- **EXERCISE PROMPT**: Where a line below holds the string "Gruppe", that line goes into the answer.

Records drawn from a dataset
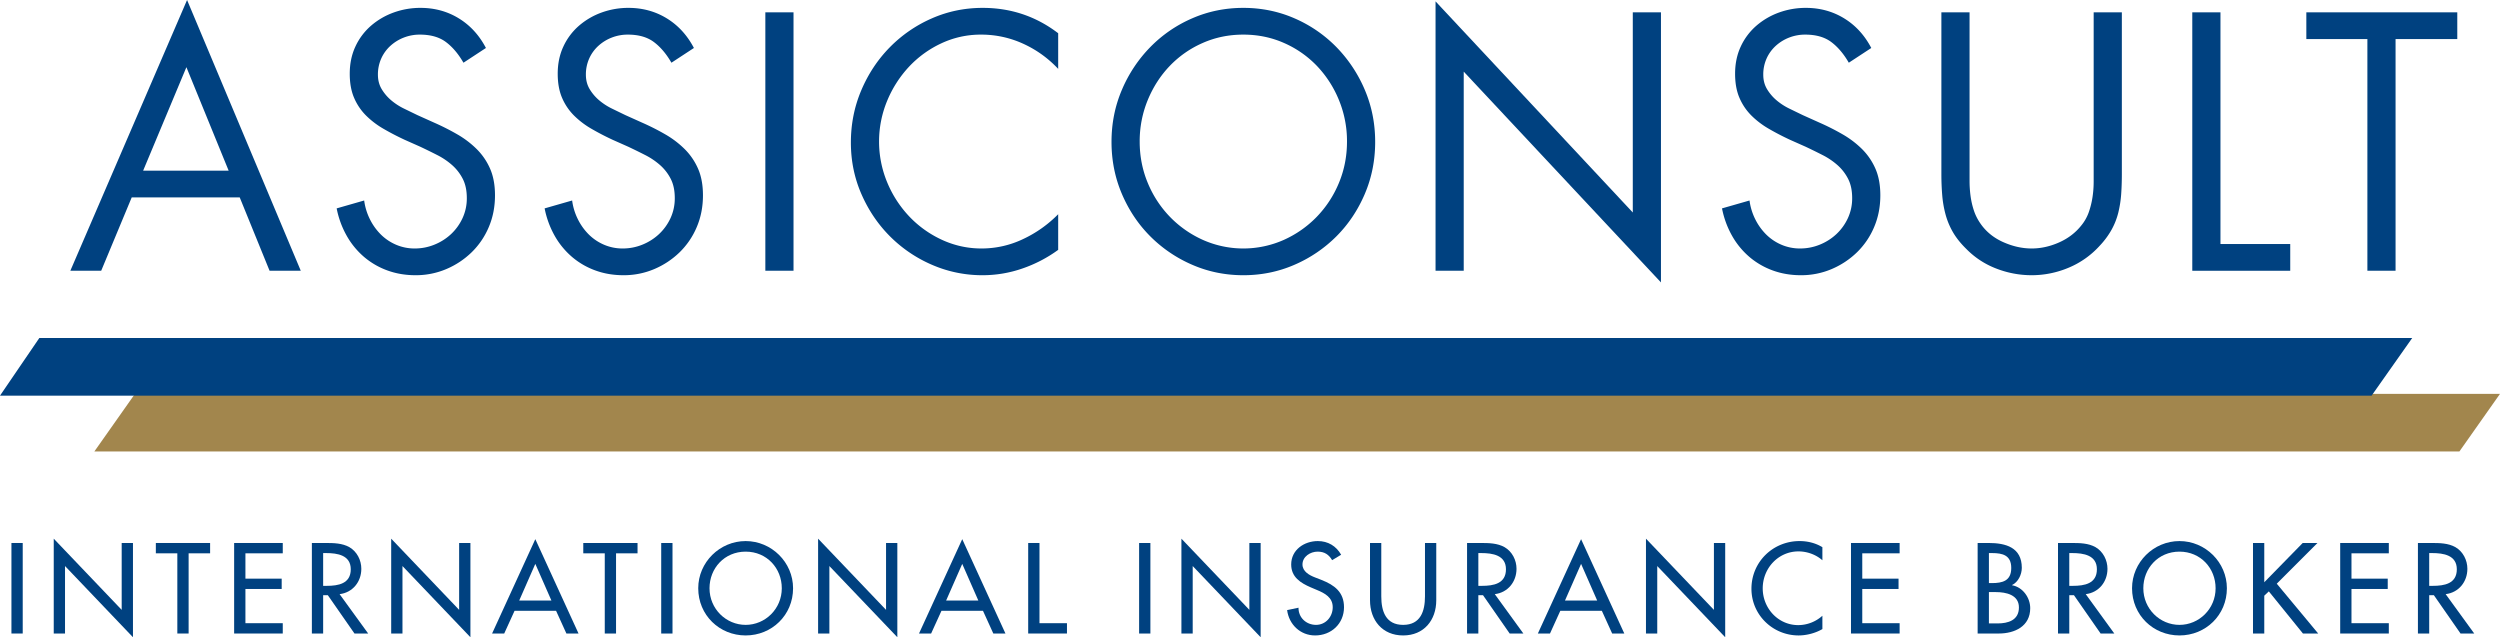 <svg xmlns="http://www.w3.org/2000/svg" width="5719.471" height="1457.864" viewBox="0 0 5719.471 1457.864">
  <g id="Gruppe_3693" data-name="Gruppe 3693" transform="translate(-159.199 -207.539)">
    <g id="Gruppe_3691" data-name="Gruppe 3691" transform="translate(185.365 1439.898)">
      <path id="Pfad_734" data-name="Pfad 734" d="M187.359,319.23H161.552V526.336h25.807V319.23Z" transform="translate(-161.552 -309.346)" fill="#004180"/>
      <path id="Pfad_735" data-name="Pfad 735" d="M170.253,535.332h25.807V380.969L351.52,543.847V328.226H325.7V481.219L170.253,318.342v216.99Z" transform="translate(-73.478 -318.342)" fill="#004180"/>
      <path id="Pfad_736" data-name="Pfad 736" d="M266.232,342.865H315.4V319.23H191.256v23.635h49.158V526.336h25.818V342.865Z" transform="translate(139.116 -309.346)" fill="#004180"/>
      <path id="Pfad_737" data-name="Pfad 737" d="M207.361,526.336H318.6V502.723H233.179V424.434h82.948V400.821H233.179V342.865H318.6V319.23H207.361V526.336Z" transform="translate(302.136 -309.346)" fill="#004180"/>
      <path id="Pfad_738" data-name="Pfad 738" d="M286.779,436.257c29.952-3.582,49.716-28.306,49.716-57.958,0-19.786-9.876-39.294-27.171-49.437-16.483-9.343-36.28-9.632-54.654-9.632H223.35V526.345h25.8V438.737h10.733l60.949,87.609h31.331l-65.387-90.089Zm-37.626-93.948h6.862c25.547,0,56.311,4.671,56.311,37.081,0,32.966-28.551,37.9-54.921,37.9h-8.253V342.308Z" transform="translate(463.975 -309.351)" fill="#004180" fill-rule="evenodd"/>
      <path id="Pfad_739" data-name="Pfad 739" d="M239.666,535.332h25.807V380.969L420.921,543.847V328.226H395.115V481.219L239.666,318.342v216.99Z" transform="translate(629.127 -318.342)" fill="#004180"/>
      <path id="Pfad_740" data-name="Pfad 740" d="M406.811,482.414l23.612,51.918h27.761L359.3,318.441,260.422,534.332H288.16l23.635-51.918ZM396.1,458.8H322.484L359.3,375.008,396.1,458.8Z" transform="translate(839.221 -317.337)" fill="#004180" fill-rule="evenodd"/>
      <path id="Pfad_741" data-name="Pfad 741" d="M354.144,342.865h49.179V319.23H279.178v23.635h49.159V526.336h25.807V342.865Z" transform="translate(1029.068 -309.346)" fill="#004180"/>
      <path id="Pfad_742" data-name="Pfad 742" d="M321.038,319.23H295.209V526.336h25.829V319.23Z" transform="translate(1191.339 -309.346)" fill="#004180"/>
      <path id="Pfad_743" data-name="Pfad 743" d="M411.309,318.836c-59.325,0-108.485,48.615-108.485,107.94,0,61.539,48.615,107.962,108.485,107.962s108.485-46.424,108.485-107.962c0-59.325-49.16-107.94-108.485-107.94Zm0,191.723c-44.766,0-82.682-36.536-82.682-83.783,0-45.6,34.067-83.783,82.682-83.783s82.681,38.182,82.681,83.783c0,47.247-37.915,83.783-82.681,83.783Z" transform="translate(1268.418 -313.339)" fill="#004180" fill-rule="evenodd"/>
      <path id="Pfad_744" data-name="Pfad 744" d="M327.48,535.332h25.806V380.969l155.47,162.877V328.226H482.928V481.219L327.48,318.342v216.99Z" transform="translate(1517.994 -318.342)" fill="#004180"/>
      <path id="Pfad_745" data-name="Pfad 745" d="M494.6,482.414l23.635,51.918h27.75L447.125,318.441,348.238,534.332h27.716l23.635-51.918ZM483.917,458.8H410.3l36.825-83.794L483.917,458.8Z" transform="translate(1728.103 -317.337)" fill="#004180" fill-rule="evenodd"/>
      <path id="Pfad_746" data-name="Pfad 746" d="M396.524,319.23H370.7V526.336h88.717V502.723H396.524V319.23Z" transform="translate(1955.418 -309.346)" fill="#004180"/>
      <path id="Pfad_747" data-name="Pfad 747" d="M419.318,319.23H393.512V526.336h25.807V319.23Z" transform="translate(2186.368 -309.346)" fill="#004180"/>
      <path id="Pfad_748" data-name="Pfad 748" d="M402.213,535.332h25.829V380.969L583.49,543.847V328.226H557.662V481.219L402.213,318.342v216.99Z" transform="translate(2274.442 -318.342)" fill="#004180"/>
      <path id="Pfad_749" data-name="Pfad 749" d="M547.555,350.134c-11.289-20.042-30.229-31.3-53.308-31.3-31.275,0-60.949,20.053-60.949,53.542,0,28.851,21.421,42.32,45.056,52.485L492.6,430.9c17.851,7.407,35.713,17.028,35.713,39.272,0,21.7-15.9,40.385-38.194,40.385-22.244,0-40.362-16.483-40.095-39.272l-26.07,5.494c4.394,33.233,30.5,57.957,64,57.957,37.059,0,66.165-26.938,66.165-64.564,0-34.6-21.944-50.806-51.351-62.339l-14.814-5.784c-12.9-4.927-28.851-13.469-28.851-29.674,0-18.118,18.118-29.385,34.624-29.385,15.649,0,25.547,6.606,33.244,19.508l20.586-12.368Z" transform="translate(2494.518 -313.339)" fill="#004180"/>
      <path id="Pfad_750" data-name="Pfad 750" d="M441.006,319.23V450.27c0,45.589,28.283,80.479,75.808,80.479,47.492,0,75.775-34.89,75.775-80.479V319.23H566.775V441.473c0,33.778-10.166,65.1-49.961,65.1-39.839,0-50-31.32-50-65.1V319.23Z" transform="translate(2667.109 -309.351)" fill="#004180"/>
      <path id="Pfad_751" data-name="Pfad 751" d="M524.4,436.257c29.929-3.582,49.7-28.306,49.7-57.958,0-19.786-9.865-39.294-27.161-49.437-16.5-9.343-36.28-9.632-54.654-9.632h-31.32V526.345h25.8V438.737h10.733l60.949,87.609h31.331L524.4,436.257Zm-37.626-93.948h6.862c25.547,0,56.312,4.671,56.312,37.081,0,32.966-28.551,37.9-54.921,37.9h-8.252V342.308Z" transform="translate(2869.198 -309.351)" fill="#004180" fill-rule="evenodd"/>
      <path id="Pfad_752" data-name="Pfad 752" d="M621.944,482.414l23.59,51.918h27.761L574.42,318.441,475.533,534.332h27.761l23.59-51.918ZM611.211,458.8H537.617l36.8-83.794L611.211,458.8Z" transform="translate(3016.595 -317.337)" fill="#004180" fill-rule="evenodd"/>
      <path id="Pfad_753" data-name="Pfad 753" d="M497.771,535.332h25.807V380.969L679.027,543.847V328.226H653.22V481.219L497.771,318.342v216.99Z" transform="translate(3241.695 -318.342)" fill="#004180"/>
      <path id="Pfad_754" data-name="Pfad 754" d="M681.772,332.85c-15.682-9.632-34.056-14.014-52.174-14.014-60.994,0-110.131,47.792-110.131,109.052,0,59.859,48.871,106.85,107.918,106.85,18.118,0,38.449-5.238,54.387-14.581V489.682a82.8,82.8,0,0,1-55.21,21.421c-46.146,0-81.292-38.727-81.292-84.049,0-45.879,35.413-84.606,81.848-84.606,19.509,0,39.806,7.151,54.654,20.331V332.85Z" transform="translate(3461.299 -313.339)" fill="#004180"/>
      <path id="Pfad_755" data-name="Pfad 755" d="M539.943,526.336H651.208V502.723H565.75V424.434h82.981V400.821H565.75V342.865h85.458V319.23H539.943V526.336Z" transform="translate(3668.563 -309.346)" fill="#004180"/>
      <path id="Pfad_756" data-name="Pfad 756" d="M591.8,342.308h7.129c24.2,0,43.966,4.949,43.966,34.056,0,29.674-20.076,34.623-44.489,34.623H591.8V342.308Zm0,89.277h15.949c23.068,0,52.7,6.039,52.7,35.146,0,29.4-24.98,36.536-48.871,36.536H591.8V431.585Zm-25.8,94.76h48.314c36.536,0,71.982-16.472,71.982-57.957,0-24.157-17.028-48.081-41.485-52.463v-.545c13.992-6.606,22.244-24.179,22.244-39.294,0-46.691-36.8-56.856-75.809-56.856H565.994V526.345Z" transform="translate(3932.25 -309.351)" fill="#004180" fill-rule="evenodd"/>
      <path id="Pfad_757" data-name="Pfad 757" d="M645.954,436.257c29.94-3.582,49.749-28.306,49.749-57.958,0-19.786-9.91-39.294-27.194-49.437-16.516-9.343-36.28-9.632-54.654-9.632H582.525V526.345h25.814V438.737h10.721l60.96,87.609h31.32l-65.387-90.089Zm-37.615-93.948H615.2c25.547,0,56.3,4.671,56.3,37.081,0,32.966-28.54,37.9-54.91,37.9h-8.252V342.308Z" transform="translate(4099.578 -309.351)" fill="#004180" fill-rule="evenodd"/>
      <path id="Pfad_758" data-name="Pfad 758" d="M706.241,318.836c-59.347,0-108.485,48.615-108.485,107.94,0,61.539,48.615,107.962,108.485,107.962s108.485-46.424,108.485-107.962c0-59.325-49.182-107.94-108.485-107.94Zm0,191.723c-44.755,0-82.682-36.536-82.682-83.783,0-45.6,34.067-83.783,82.682-83.783s82.67,38.182,82.67,83.783c0,47.247-37.926,83.783-82.67,83.783Z" transform="translate(4253.747 -313.339)" fill="#004180" fill-rule="evenodd"/>
      <path id="Pfad_759" data-name="Pfad 759" d="M648.441,409.053V319.23H622.635V526.336h25.807V439.814l10.427-9.884L736.9,526.336h34.886l-94.754-113.98,93.1-93.125h-33.8l-87.89,89.823Z" transform="translate(4505.573 -309.346)" fill="#004180"/>
      <path id="Pfad_760" data-name="Pfad 760" d="M640.572,526.336H751.793V502.723H666.379V424.434h82.938V400.821H666.379V342.865h85.414V319.23H640.572V526.336Z" transform="translate(4687.138 -309.346)" fill="#004180"/>
      <path id="Pfad_761" data-name="Pfad 761" d="M720,436.257c29.93-3.582,49.693-28.306,49.693-57.958,0-19.786-9.854-39.294-27.193-49.437-16.46-9.343-36.236-9.632-54.654-9.632H656.56V526.345h25.814V438.737h10.733l60.949,87.609h31.331L720,436.257Zm-37.626-93.948h6.862c25.547,0,56.3,4.671,56.3,37.081,0,32.966-28.539,37.9-54.91,37.9h-8.252V342.308Z" transform="translate(4848.967 -309.351)" fill="#004180" fill-rule="evenodd"/>
    </g>
    <path id="Pfad_762" data-name="Pfad 762" d="M271.535,288.553H5682.248l-92.93,131.875H178.6l92.931-131.875Z" transform="translate(196.422 820.033)" fill="#a2864d"/>
    <path id="Pfad_763" data-name="Pfad 763" d="M249.132,277.069H5677.821l-92.931,131.879H159.2l89.933-131.879Z" transform="translate(0 703.788)" fill="#004180"/>
    <g id="Gruppe_3692" data-name="Gruppe 3692" transform="translate(320.111 207.539)">
      <path id="Pfad_764" data-name="Pfad 764" d="M314.095,659.185l-69.825,167.8h-70.6L440.719,207.539,700.876,826.984H629.506l-68.3-167.8ZM439.2,361.224l-99,236.8H535.88Z" transform="translate(-173.667 -207.539)" fill="#004180"/>
      <path id="Pfad_765" data-name="Pfad 765" d="M518.526,334.617q-17.651-30.58-40.284-47.436-22.656-16.85-59.481-16.861a100.437,100.437,0,0,0-36.447,6.673,98.015,98.015,0,0,0-30.7,18.819,87.74,87.74,0,0,0-21.11,29.007,88.877,88.877,0,0,0-7.674,37.248q0,18.818,8.831,33.322a102.441,102.441,0,0,0,21.877,25.481,139.6,139.6,0,0,0,29.151,18.819q16.133,7.858,30.708,14.9l38.36,17.25A543.053,543.053,0,0,1,505.1,498.891a214.711,214.711,0,0,1,44.121,33.722A144.879,144.879,0,0,1,579.542,577.3q11.11,25.492,11.122,60.771,0,39.222-14.192,72.527a175.8,175.8,0,0,1-39.139,57.635,188.255,188.255,0,0,1-57.946,38.416A177.468,177.468,0,0,1,408.8,820.764q-34.534,0-64.464-10.966a173.088,173.088,0,0,1-53.342-30.986A179.993,179.993,0,0,1,251.474,730.6a207.749,207.749,0,0,1-23.023-62.729l62.929-18.04a135.118,135.118,0,0,0,13.046,42.742,131.463,131.463,0,0,0,24.936,34.89,111.827,111.827,0,0,0,34.923,23.523A106.851,106.851,0,0,0,407.25,759.6a118.207,118.207,0,0,0,44.511-8.619,122.832,122.832,0,0,0,37.993-23.913,117.4,117.4,0,0,0,26.47-36.469,107.284,107.284,0,0,0,9.977-46.257q0-25.875-9.209-43.91a106.568,106.568,0,0,0-24.168-31.364,161.707,161.707,0,0,0-34.156-23.134q-19.186-9.793-39.139-19.208l-35.291-15.682Q358.9,499.286,335.89,485.956a193.849,193.849,0,0,1-40.3-30.586,127.779,127.779,0,0,1-27.238-40.384q-9.993-23.106-9.977-55.277,0-34.484,13.046-62.328a141.268,141.268,0,0,1,35.68-47.447,163.74,163.74,0,0,1,51.807-30.186,178.613,178.613,0,0,1,61.394-10.588q48.331,0,87.475,23.924t62.161,67.823Z" transform="translate(380.862 -191.131)" fill="#004180"/>
      <path id="Pfad_766" data-name="Pfad 766" d="M561.315,334.617q-17.667-30.58-40.3-47.436T461.55,270.321a100.455,100.455,0,0,0-36.458,6.673,98.016,98.016,0,0,0-30.7,18.819,87.549,87.549,0,0,0-21.1,29.007,88.88,88.88,0,0,0-7.674,37.248q0,18.818,8.82,33.322a102.665,102.665,0,0,0,21.877,25.481,139.377,139.377,0,0,0,29.162,18.819q16.116,7.858,30.7,14.9l38.371,17.25a542.845,542.845,0,0,1,53.33,27.049A214.718,214.718,0,0,1,592,532.613,144.687,144.687,0,0,1,622.32,577.3q11.111,25.492,11.122,60.771,0,39.222-14.192,72.527a175.808,175.808,0,0,1-39.138,57.635,188.333,188.333,0,0,1-57.935,38.416,177.521,177.521,0,0,1-70.6,14.114q-34.534,0-64.464-10.966a172.9,172.9,0,0,1-53.331-30.986A180.033,180.033,0,0,1,294.252,730.6a207.742,207.742,0,0,1-23.023-62.729l62.929-18.04A135.111,135.111,0,0,0,347.2,692.571a131.468,131.468,0,0,0,24.936,34.89,111.827,111.827,0,0,0,34.923,23.523,106.943,106.943,0,0,0,42.976,8.619,118.206,118.206,0,0,0,44.511-8.619,122.779,122.779,0,0,0,37.982-23.913A117.609,117.609,0,0,0,559.013,690.6a107.281,107.281,0,0,0,9.965-46.257q0-25.875-9.209-43.91A106.379,106.379,0,0,0,535.6,569.071a161.912,161.912,0,0,0-34.145-23.134q-19.2-9.793-39.138-19.208l-35.3-15.682q-25.325-11.761-48.347-25.091a193.775,193.775,0,0,1-40.284-30.586,127.818,127.818,0,0,1-27.249-40.384q-9.976-23.106-9.976-55.277,0-34.484,13.046-62.328a141.419,141.419,0,0,1,35.68-47.447,163.86,163.86,0,0,1,51.807-30.186,178.66,178.66,0,0,1,61.394-10.588q48.331,0,87.487,23.924,39.122,23.923,62.161,67.823Z" transform="translate(813.865 -191.131)" fill="#004180"/>
      <path id="Pfad_767" data-name="Pfad 767" d="M381.093,801.294H316.629V210.077h64.464Z" transform="translate(1273.407 -181.849)" fill="#004180"/>
      <path id="Pfad_768" data-name="Pfad 768" d="M808.481,348.731a251.994,251.994,0,0,0-80.2-57.624,229.941,229.941,0,0,0-96.306-20.787,211.408,211.408,0,0,0-90.934,20,239.363,239.363,0,0,0-74.051,53.72,258.5,258.5,0,0,0-49.883,78.01,243.6,243.6,0,0,0,0,185.839,254.649,254.649,0,0,0,50.261,78.01,242.484,242.484,0,0,0,74.818,53.72A213.954,213.954,0,0,0,633.508,759.6a219.257,219.257,0,0,0,94.771-21.566,276.336,276.336,0,0,0,80.2-56.834v81.547a308.926,308.926,0,0,1-82.115,42.731,277.142,277.142,0,0,1-90.556,15.282,287.867,287.867,0,0,1-116.259-23.912,307.421,307.421,0,0,1-95.928-65.086q-41.057-41.158-65.231-96.44T334.224,517.32q0-63.513,23.79-119.574,23.773-56.056,64.842-98.019a306.647,306.647,0,0,1,95.928-66.254q54.854-24.29,117.027-24.313,96.7,0,172.671,58.024Z" transform="translate(1451.505 -191.131)" fill="#004180"/>
      <path id="Pfad_769" data-name="Pfad 769" d="M689.433,209.16q62.161,0,117.038,23.924A301.826,301.826,0,0,1,902.4,298.938a315.848,315.848,0,0,1,64.842,97.63Q991,452.256,991.02,515.752q0,63.513-23.779,119.184-23.807,55.688-64.842,96.829a307.8,307.8,0,0,1-95.928,65.086Q751.6,820.759,689.433,820.764T572.4,796.852a307.372,307.372,0,0,1-95.917-65.086q-41.074-41.158-64.853-96.829t-23.79-119.184q0-63.513,23.79-119.184a315.1,315.1,0,0,1,64.853-97.63A301.411,301.411,0,0,1,572.4,233.084Q627.266,209.16,689.433,209.16Zm0,61.16q-49.9,0-93.248,19.219a233.937,233.937,0,0,0-75.2,52.53q-31.865,33.333-50.272,78.021A246.565,246.565,0,0,0,452.3,514.962q0,50.2,18.418,94.493a246.552,246.552,0,0,0,50.65,77.621,243.509,243.509,0,0,0,75.586,52.93,228.011,228.011,0,0,0,184.96,0,243.585,243.585,0,0,0,75.575-52.93,246.173,246.173,0,0,0,50.65-77.621q18.435-44.294,18.418-94.493a246.356,246.356,0,0,0-18.418-94.871,249.016,249.016,0,0,0-50.25-78.021,234.463,234.463,0,0,0-75.208-52.53Q739.3,270.321,689.433,270.321Z" transform="translate(1994.161 -191.131)" fill="#004180"/>
      <path id="Pfad_770" data-name="Pfad 770" d="M454.488,207.821l451.246,483.01V232.912h64.453V850.789L518.952,368.558V824.13H454.488Z" transform="translate(2668.829 -204.685)" fill="#004180"/>
      <path id="Pfad_771" data-name="Pfad 771" d="M803.5,334.617q-17.667-30.58-40.295-47.436t-59.481-16.861a100.48,100.48,0,0,0-36.447,6.673,98.146,98.146,0,0,0-30.7,18.819,87.709,87.709,0,0,0-21.1,29.007,88.877,88.877,0,0,0-7.674,37.248q0,18.818,8.819,33.322A102.689,102.689,0,0,0,638.5,420.869a139.4,139.4,0,0,0,29.163,18.819q16.115,7.858,30.7,14.9l38.372,17.25a542.841,542.841,0,0,1,53.33,27.049A215.091,215.091,0,0,1,834.2,532.613,144.841,144.841,0,0,1,864.5,577.3q11.112,25.492,11.123,60.771,0,39.222-14.192,72.527a175.594,175.594,0,0,1-39.128,57.635,188.64,188.64,0,0,1-57.945,38.416,177.525,177.525,0,0,1-70.6,14.114q-34.534,0-64.464-10.966a173.093,173.093,0,0,1-53.341-30.986A180.2,180.2,0,0,1,536.435,730.6a208.048,208.048,0,0,1-23.022-62.729l62.928-18.04a135.685,135.685,0,0,0,13.047,42.742,131.951,131.951,0,0,0,24.936,34.89,112.081,112.081,0,0,0,34.923,23.523,106.906,106.906,0,0,0,42.976,8.619,118.247,118.247,0,0,0,44.511-8.619,122.641,122.641,0,0,0,37.981-23.913A117.611,117.611,0,0,0,801.2,690.6a107.287,107.287,0,0,0,9.976-46.257q0-25.875-9.22-43.91A106.544,106.544,0,0,0,777.8,569.071a162.078,162.078,0,0,0-34.167-23.134q-19.169-9.793-39.127-19.208l-35.3-15.682q-25.325-11.761-48.348-25.091a194.125,194.125,0,0,1-40.295-30.586,128.156,128.156,0,0,1-27.239-40.384q-9.993-23.106-9.976-55.277,0-34.484,13.046-62.328a141.431,141.431,0,0,1,35.68-47.447,163.988,163.988,0,0,1,51.807-30.186,178.612,178.612,0,0,1,61.394-10.588q48.347,0,87.475,23.924,39.155,23.923,62.162,67.823Z" transform="translate(3265.273 -191.131)" fill="#004180"/>
      <path id="Pfad_772" data-name="Pfad 772" d="M623,562.136v33.722a260.423,260.423,0,0,0,2.3,34.5,180.833,180.833,0,0,0,7.674,33.322,115.381,115.381,0,0,0,15.349,30.185q19.186,27.46,51.807,41.952,32.616,14.515,64.842,14.5,31.447,0,62.55-13.725,31.063-13.7,51.028-38.805a100.37,100.37,0,0,0,17.261-30.586,189.62,189.62,0,0,0,8.441-34.1,236.7,236.7,0,0,0,2.681-35.68V210.077H971.4v370.1q0,24.307-1.524,45.868A254.525,254.525,0,0,1,963.359,668,160,160,0,0,1,948,707.2a183.631,183.631,0,0,1-27.249,36.848,198.752,198.752,0,0,1-70.97,50.194,217.137,217.137,0,0,1-84.806,17.239A222.75,222.75,0,0,1,684.005,796.2a191.473,191.473,0,0,1-68.668-45.089q-19.2-18.818-30.318-38.026A168.474,168.474,0,0,1,568.136,672.7a244.88,244.88,0,0,1-7.674-44.31q-1.92-23.106-1.924-48.214v-370.1H623Z" transform="translate(3722.022 -181.849)" fill="#004180"/>
      <path id="Pfad_773" data-name="Pfad 773" d="M674.611,740.134H834.236v61.161H610.148V210.077h64.463Z" transform="translate(4244.434 -181.849)" fill="#004180"/>
      <path id="Pfad_774" data-name="Pfad 774" d="M837.742,801.294H773.278V271.238H633.607V210.077h345.33v61.161H837.742Z" transform="translate(4481.888 -181.849)" fill="#004180"/>
    </g>
  </g>
</svg>

- **ANSWER BOX**:
  <g id="Gruppe_3693" data-name="Gruppe 3693" transform="translate(-159.199 -207.539)">
    <g id="Gruppe_3691" data-name="Gruppe 3691" transform="translate(185.365 1439.898)">
    <g id="Gruppe_3692" data-name="Gruppe 3692" transform="translate(320.111 207.539)">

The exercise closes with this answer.